1Pediatrics Department, Emergency and Intensive Care unit Service, CHU Hedi Chaker, Sfax, Tunisia; 2Endocrinology-Diabetology Department, CHU Hédi Chaker, Sfax, Tunisia.

Objective: Considering that the patients with Turner syndrome (TS) have a high prevalence of autoimmune disease, an early investigation for digestive system diseases should be carried out in those with TS.

Case 1: A 13-year-old girl, followed for Turner’s syndrome with characteristic facial dysmorphia, developed glaring diarrhea. Colon and endoscopic endoscopic examinations have led to ulcerative colitis. It was put pentasa with a favorable evolution. With a pubertal delay at the age of 15, thyroid assessment was performed concluding hypothyroidism secondary to Graves’ disease. Replacement therapy with thyroid hormones has been prescribed.

Observation 2: An 11-year-old girl without dysmorphia is followed for celiac disease. The evolution under a well-monitored gluten-free diet was marked by the persistence of a weight-loss delay at −3 DS. The search for other associated pathologies has been carried out. The blood karyotype concluded that mosaic Turner syndrome was present and the patient was put on growth hormone therapy.

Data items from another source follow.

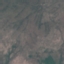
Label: HerbaceousVegetation
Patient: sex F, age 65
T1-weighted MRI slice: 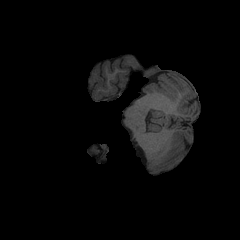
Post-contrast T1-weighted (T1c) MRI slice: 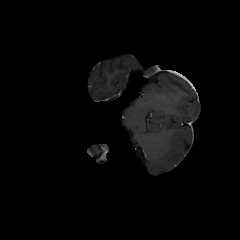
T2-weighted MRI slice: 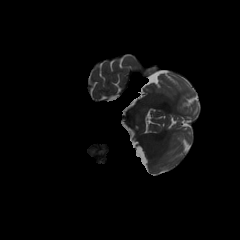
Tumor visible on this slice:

Observation 3: A 10 years old girl was consulted for short stature. She had also a minor dysmorphic syndrome. Hormonal investigations revealed hypergonadotropic hypogonadism. Pelvic ultrasonography showed a hypoplastic Uterus without visualization of the ovaries. Cytogenetic analysis of peripheral blood revealed a karyotype with 45 chromosomes with one X chromosome missing (45, X). Laboratory investigations revealed normal hematological and biochemical parameters except AST (107 UI/l>45 ui/l), ALT (87 UI/l>45 ui/l) and ALP (819 ui/l>200 ui/l). Hepatotoxic medications and alcohol was ruled out. Abdominal ultrasonography was normal. Serology Hepatitis B and C was negative. Immunological survey showed a Anti-mitochondrial antibodies, Anti-smooth muscle antibody and Anti-LKM1 antibody were negative. But she had a positive Anti-TPO antibody with normal thyroid function tests.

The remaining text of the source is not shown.